Work to complete: Keep the pictures out while you transcribe the listing below exactly.

Study material:
#####
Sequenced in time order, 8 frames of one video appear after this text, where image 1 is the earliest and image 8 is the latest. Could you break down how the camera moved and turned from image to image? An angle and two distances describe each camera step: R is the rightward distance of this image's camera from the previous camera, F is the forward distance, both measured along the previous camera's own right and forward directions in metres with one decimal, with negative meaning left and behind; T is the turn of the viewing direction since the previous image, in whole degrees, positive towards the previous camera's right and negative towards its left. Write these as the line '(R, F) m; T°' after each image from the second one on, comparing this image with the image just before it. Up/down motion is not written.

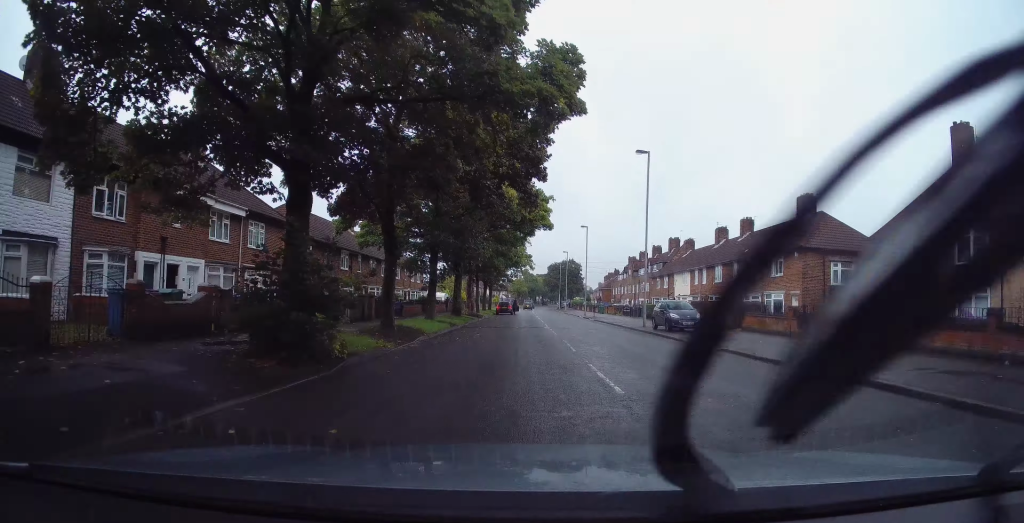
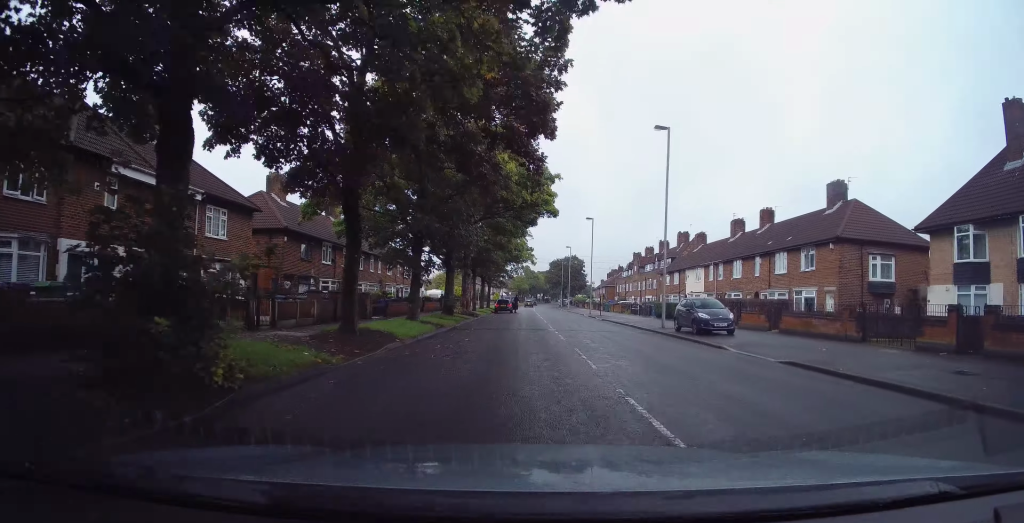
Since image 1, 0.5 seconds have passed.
(+0.3, +4.0) m; 0°
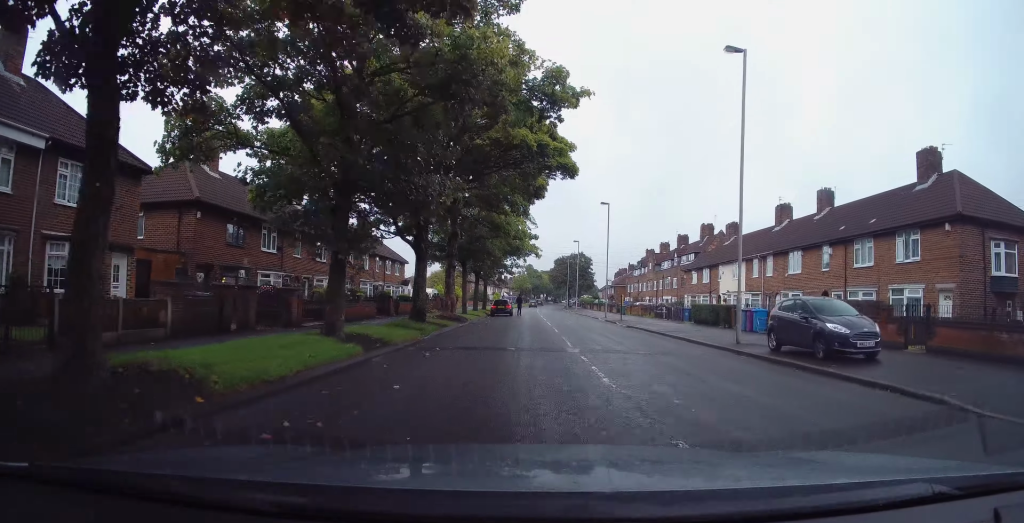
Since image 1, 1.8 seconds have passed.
(-0.8, +9.2) m; -6°
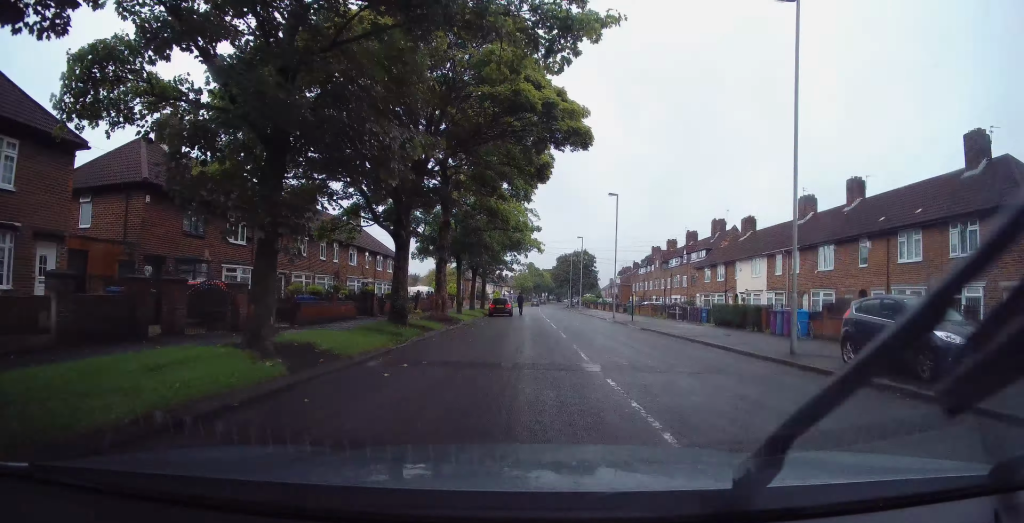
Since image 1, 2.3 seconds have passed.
(-0.1, +3.8) m; 0°
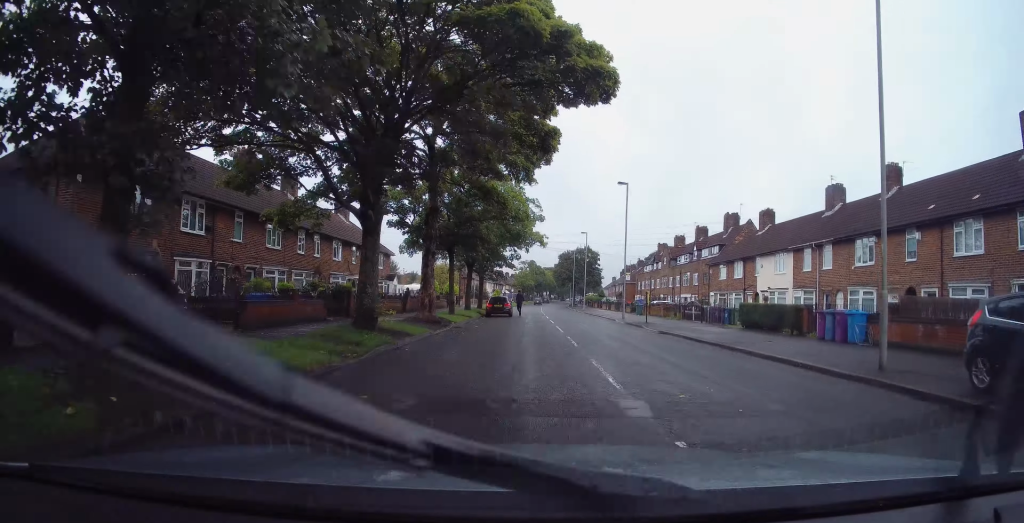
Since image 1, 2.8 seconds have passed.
(0.0, +4.0) m; +1°
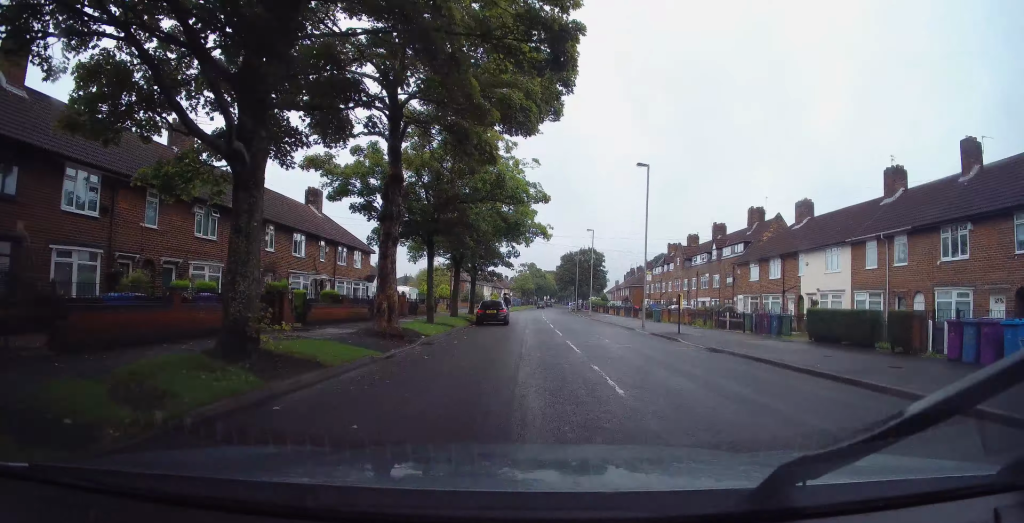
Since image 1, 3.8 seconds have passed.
(+0.2, +7.0) m; +2°
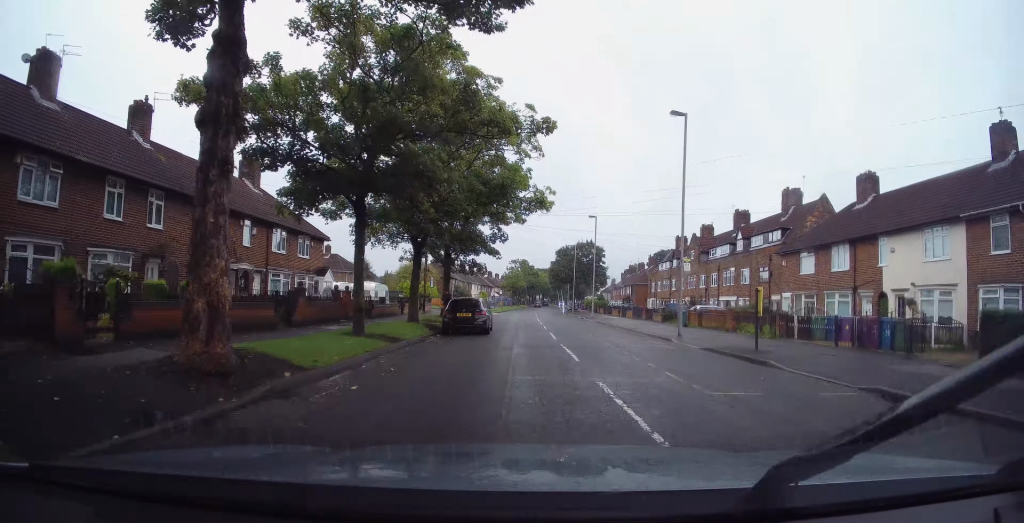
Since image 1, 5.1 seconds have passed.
(-0.1, +9.4) m; -1°
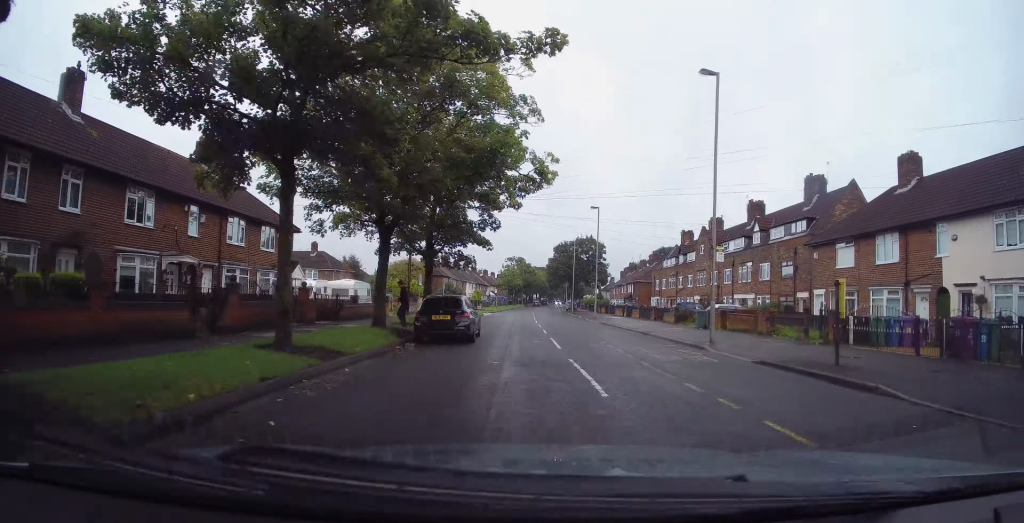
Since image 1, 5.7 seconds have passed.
(-0.1, +4.3) m; 0°
#####
Solution to this task:
Sequenced in time order, 8 frames of one video appear after this text, where image 1 is the earliest and image 8 is the latest. Could you break down how the camera moved and turned from image to image? An angle and two distances describe each camera step: R is the rightward distance of this image's camera from the previous camera, F is the forward distance, both measured along the previous camera's own right and forward directions in metres with one decimal, with negative meaning left and behind; T is the turn of the viewing direction since the previous image, in whole degrees, positive towards the previous camera's right and negative towards its left. Write these as the line '(R, F) m; T°' after each image from the second one on, comparing this image with the image just before it. Up/down motion is not written.

Since image 1, 0.5 seconds have passed.
(+0.3, +4.0) m; 0°
Since image 1, 1.8 seconds have passed.
(-0.8, +9.2) m; -6°
Since image 1, 2.3 seconds have passed.
(-0.1, +3.8) m; 0°
Since image 1, 2.8 seconds have passed.
(0.0, +4.0) m; +1°
Since image 1, 3.8 seconds have passed.
(+0.2, +7.0) m; +2°
Since image 1, 5.1 seconds have passed.
(-0.1, +9.4) m; -1°
Since image 1, 5.7 seconds have passed.
(-0.1, +4.3) m; 0°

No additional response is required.